§ The input:
────────────────────────────────────────
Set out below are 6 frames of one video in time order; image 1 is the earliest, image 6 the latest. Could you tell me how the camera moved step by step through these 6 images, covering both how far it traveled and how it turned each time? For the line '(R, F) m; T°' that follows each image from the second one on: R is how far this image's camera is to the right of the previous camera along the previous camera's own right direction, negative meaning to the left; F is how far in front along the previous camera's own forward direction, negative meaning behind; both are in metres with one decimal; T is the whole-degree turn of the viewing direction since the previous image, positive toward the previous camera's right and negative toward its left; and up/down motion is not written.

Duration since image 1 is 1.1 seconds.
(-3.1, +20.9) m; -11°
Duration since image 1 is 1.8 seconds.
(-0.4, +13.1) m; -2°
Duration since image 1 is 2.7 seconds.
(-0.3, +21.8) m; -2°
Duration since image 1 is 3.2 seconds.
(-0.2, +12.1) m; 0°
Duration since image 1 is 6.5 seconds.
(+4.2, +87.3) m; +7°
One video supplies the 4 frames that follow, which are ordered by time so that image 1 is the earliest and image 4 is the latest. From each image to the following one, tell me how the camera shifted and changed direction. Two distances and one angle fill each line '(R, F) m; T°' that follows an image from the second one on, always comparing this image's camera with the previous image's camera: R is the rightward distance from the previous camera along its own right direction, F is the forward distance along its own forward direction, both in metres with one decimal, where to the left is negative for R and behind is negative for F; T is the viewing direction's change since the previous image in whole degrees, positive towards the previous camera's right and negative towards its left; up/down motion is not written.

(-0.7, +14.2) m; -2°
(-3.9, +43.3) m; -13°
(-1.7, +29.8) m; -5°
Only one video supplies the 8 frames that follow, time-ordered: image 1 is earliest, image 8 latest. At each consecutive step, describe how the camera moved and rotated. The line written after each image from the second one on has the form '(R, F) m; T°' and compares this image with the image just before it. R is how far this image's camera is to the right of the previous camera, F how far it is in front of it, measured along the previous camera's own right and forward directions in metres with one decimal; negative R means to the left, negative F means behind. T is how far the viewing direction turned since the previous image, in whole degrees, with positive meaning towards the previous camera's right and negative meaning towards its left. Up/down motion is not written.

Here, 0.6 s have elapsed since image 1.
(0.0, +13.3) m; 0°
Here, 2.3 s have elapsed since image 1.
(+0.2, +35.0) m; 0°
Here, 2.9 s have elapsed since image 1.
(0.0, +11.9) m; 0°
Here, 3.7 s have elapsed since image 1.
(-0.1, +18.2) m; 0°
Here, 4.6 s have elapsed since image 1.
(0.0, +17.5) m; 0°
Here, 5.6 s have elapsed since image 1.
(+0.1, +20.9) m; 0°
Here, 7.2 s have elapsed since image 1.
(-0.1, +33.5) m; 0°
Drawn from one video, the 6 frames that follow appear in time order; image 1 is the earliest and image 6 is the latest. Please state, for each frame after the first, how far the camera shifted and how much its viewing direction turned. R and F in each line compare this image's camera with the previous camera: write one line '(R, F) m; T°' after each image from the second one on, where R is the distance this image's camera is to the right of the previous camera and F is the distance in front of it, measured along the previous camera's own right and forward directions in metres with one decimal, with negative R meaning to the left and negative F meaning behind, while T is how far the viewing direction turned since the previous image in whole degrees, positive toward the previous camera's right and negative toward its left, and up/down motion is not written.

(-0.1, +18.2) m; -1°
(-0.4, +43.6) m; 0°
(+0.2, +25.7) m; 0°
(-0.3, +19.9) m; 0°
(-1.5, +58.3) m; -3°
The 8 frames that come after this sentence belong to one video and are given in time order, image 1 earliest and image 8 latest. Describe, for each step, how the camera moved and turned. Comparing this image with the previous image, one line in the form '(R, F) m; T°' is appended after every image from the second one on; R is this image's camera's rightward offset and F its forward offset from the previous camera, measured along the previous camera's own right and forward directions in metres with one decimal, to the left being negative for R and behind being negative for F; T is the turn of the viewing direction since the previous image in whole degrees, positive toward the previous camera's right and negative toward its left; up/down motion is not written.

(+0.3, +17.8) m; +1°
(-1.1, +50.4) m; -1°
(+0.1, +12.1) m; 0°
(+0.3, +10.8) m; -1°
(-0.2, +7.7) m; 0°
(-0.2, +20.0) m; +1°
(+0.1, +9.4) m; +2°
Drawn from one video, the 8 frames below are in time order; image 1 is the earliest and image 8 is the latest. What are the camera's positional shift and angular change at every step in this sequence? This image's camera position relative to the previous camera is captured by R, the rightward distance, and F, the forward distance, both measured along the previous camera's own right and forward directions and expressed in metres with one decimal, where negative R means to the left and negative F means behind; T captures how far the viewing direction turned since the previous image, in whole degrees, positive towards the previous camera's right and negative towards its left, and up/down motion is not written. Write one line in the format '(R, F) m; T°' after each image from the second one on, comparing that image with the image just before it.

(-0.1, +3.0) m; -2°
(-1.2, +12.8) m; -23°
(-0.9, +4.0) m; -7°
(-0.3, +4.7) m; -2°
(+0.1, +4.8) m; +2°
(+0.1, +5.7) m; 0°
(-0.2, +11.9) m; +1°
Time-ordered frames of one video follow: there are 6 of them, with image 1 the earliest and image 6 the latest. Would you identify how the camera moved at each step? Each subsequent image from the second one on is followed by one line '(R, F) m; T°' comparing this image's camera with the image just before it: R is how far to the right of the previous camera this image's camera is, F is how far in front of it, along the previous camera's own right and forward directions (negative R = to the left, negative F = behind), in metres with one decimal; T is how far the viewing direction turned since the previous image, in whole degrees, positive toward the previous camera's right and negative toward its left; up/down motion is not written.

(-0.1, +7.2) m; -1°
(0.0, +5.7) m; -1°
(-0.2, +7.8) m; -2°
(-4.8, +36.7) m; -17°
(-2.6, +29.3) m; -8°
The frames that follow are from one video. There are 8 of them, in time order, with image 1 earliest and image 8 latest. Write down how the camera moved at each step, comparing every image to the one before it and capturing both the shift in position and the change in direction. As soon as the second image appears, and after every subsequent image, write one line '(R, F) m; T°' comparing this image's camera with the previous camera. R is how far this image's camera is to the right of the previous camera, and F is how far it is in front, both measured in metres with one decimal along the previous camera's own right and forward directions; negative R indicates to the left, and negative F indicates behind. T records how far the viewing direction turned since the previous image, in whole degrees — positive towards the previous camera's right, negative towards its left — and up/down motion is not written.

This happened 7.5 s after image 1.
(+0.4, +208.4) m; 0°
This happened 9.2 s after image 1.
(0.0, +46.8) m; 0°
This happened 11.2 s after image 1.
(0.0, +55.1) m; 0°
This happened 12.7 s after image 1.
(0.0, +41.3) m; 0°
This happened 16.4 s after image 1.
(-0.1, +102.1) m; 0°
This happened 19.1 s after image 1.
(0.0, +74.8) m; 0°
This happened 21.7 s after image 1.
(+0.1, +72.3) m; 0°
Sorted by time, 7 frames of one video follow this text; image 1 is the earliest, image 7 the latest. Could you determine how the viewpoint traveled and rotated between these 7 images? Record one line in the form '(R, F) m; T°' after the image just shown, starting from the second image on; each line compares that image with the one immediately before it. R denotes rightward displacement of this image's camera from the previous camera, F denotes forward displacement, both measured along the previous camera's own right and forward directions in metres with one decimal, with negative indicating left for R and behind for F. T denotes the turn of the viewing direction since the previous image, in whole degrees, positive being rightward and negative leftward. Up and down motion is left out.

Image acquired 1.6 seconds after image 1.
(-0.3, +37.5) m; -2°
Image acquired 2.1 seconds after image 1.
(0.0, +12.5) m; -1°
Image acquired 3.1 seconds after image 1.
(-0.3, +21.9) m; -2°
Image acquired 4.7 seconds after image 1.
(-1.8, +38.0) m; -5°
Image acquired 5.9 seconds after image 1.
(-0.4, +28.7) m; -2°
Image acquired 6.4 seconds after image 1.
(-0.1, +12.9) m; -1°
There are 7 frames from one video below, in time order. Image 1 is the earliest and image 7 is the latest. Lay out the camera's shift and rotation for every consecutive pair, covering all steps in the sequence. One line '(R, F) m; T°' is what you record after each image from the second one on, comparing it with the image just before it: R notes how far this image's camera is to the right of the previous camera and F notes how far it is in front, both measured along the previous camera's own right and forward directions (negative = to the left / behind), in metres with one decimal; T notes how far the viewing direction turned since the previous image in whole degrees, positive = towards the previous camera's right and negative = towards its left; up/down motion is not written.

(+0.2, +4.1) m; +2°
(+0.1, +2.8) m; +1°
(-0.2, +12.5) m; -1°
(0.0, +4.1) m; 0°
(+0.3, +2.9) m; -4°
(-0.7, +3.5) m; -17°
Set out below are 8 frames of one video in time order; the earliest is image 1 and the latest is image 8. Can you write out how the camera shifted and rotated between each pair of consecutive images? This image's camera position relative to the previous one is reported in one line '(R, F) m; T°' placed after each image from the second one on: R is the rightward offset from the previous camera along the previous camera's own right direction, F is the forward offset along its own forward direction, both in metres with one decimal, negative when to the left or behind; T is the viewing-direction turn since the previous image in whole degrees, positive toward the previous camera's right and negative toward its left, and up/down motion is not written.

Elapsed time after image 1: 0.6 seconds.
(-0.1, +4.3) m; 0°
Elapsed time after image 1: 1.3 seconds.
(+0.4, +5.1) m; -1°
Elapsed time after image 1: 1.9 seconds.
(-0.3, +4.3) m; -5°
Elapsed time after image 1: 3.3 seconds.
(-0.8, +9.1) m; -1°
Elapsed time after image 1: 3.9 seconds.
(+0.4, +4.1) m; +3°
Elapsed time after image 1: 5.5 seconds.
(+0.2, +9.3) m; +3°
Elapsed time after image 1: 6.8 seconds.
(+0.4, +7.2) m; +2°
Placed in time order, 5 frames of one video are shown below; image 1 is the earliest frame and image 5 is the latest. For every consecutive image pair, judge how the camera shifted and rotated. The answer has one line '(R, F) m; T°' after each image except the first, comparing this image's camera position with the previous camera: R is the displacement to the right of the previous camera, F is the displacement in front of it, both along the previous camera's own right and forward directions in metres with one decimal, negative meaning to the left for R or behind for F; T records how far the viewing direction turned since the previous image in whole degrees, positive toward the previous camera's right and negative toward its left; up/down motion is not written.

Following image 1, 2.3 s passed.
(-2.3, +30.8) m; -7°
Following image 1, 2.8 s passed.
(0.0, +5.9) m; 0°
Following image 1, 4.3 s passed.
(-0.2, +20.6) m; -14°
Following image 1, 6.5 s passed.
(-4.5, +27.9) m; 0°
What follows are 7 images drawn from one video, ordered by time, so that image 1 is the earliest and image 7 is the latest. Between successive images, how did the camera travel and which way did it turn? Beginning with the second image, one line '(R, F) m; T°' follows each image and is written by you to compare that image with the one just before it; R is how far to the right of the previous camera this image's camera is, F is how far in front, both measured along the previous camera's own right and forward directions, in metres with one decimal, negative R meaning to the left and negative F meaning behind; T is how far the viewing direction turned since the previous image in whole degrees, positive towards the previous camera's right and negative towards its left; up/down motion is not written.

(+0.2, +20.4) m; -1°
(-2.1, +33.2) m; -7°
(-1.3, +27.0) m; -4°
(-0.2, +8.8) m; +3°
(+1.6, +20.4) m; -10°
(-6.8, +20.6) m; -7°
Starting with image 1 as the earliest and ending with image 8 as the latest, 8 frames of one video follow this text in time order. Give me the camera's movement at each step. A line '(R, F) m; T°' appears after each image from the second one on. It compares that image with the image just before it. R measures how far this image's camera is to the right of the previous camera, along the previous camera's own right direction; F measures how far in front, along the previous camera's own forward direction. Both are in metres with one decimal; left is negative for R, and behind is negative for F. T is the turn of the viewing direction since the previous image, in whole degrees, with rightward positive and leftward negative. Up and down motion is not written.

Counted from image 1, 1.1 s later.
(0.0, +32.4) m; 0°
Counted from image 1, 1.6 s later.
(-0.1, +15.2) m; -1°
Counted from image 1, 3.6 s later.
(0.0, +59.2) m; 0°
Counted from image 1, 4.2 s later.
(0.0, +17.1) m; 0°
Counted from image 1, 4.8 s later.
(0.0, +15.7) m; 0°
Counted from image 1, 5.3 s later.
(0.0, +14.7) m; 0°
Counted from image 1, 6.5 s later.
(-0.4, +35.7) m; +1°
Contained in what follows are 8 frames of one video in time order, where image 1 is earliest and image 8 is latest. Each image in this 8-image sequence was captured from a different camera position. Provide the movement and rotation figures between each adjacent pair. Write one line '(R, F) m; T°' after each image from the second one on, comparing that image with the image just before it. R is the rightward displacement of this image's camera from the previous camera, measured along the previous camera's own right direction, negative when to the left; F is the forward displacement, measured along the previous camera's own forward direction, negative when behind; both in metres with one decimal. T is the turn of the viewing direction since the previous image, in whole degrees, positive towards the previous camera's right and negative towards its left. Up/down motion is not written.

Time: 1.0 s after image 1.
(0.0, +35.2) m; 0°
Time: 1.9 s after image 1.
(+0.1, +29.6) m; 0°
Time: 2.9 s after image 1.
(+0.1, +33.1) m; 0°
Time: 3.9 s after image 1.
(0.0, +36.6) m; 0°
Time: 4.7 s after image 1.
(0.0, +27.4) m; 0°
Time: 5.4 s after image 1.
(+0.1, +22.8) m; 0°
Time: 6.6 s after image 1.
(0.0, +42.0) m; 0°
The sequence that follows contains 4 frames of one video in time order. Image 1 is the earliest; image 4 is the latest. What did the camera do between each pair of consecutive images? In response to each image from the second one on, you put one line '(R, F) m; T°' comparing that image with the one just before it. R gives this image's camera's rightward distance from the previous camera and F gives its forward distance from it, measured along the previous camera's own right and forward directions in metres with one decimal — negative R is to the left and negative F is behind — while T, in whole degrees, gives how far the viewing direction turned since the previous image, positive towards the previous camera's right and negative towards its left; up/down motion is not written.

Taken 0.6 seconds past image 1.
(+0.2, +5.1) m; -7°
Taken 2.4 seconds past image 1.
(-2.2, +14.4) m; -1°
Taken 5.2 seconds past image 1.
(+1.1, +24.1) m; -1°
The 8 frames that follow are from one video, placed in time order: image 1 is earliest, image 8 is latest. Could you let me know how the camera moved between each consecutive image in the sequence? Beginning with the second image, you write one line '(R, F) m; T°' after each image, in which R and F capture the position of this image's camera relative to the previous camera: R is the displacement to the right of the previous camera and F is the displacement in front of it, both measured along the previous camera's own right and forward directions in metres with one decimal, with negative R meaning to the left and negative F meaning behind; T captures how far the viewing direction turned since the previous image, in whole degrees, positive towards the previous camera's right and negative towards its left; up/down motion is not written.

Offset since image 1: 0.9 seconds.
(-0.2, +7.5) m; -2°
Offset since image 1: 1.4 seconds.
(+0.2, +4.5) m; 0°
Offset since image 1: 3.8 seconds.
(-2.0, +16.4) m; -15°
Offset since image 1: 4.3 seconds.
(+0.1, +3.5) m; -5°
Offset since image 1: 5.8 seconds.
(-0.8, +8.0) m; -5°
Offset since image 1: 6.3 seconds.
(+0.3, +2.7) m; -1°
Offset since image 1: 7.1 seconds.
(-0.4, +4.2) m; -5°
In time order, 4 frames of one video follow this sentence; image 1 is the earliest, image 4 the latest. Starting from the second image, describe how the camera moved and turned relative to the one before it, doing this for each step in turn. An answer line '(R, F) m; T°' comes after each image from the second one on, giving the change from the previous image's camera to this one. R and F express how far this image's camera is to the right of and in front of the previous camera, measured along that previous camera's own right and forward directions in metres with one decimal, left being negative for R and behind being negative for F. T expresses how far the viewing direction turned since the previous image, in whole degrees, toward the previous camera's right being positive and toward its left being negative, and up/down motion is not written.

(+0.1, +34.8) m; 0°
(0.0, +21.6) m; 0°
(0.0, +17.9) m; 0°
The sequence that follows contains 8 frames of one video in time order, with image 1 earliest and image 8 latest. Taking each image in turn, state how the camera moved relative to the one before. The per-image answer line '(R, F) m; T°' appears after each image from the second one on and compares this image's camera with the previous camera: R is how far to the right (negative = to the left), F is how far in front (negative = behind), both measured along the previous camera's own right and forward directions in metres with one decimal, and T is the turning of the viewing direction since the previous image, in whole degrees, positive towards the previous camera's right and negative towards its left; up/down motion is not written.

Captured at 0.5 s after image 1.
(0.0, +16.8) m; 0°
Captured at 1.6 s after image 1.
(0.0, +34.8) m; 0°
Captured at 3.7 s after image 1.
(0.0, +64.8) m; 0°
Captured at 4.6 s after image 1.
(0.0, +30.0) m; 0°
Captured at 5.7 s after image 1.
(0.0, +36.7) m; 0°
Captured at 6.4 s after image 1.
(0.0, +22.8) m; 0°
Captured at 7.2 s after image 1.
────────────────────────────────────────
Retype exactly, and only, the lines from the line holding "Captured at 1.6 s after image 1." through the last line of the data; both of those lines count.

Captured at 1.6 s after image 1.
(0.0, +34.8) m; 0°
Captured at 3.7 s after image 1.
(0.0, +64.8) m; 0°
Captured at 4.6 s after image 1.
(0.0, +30.0) m; 0°
Captured at 5.7 s after image 1.
(0.0, +36.7) m; 0°
Captured at 6.4 s after image 1.
(0.0, +22.8) m; 0°
Captured at 7.2 s after image 1.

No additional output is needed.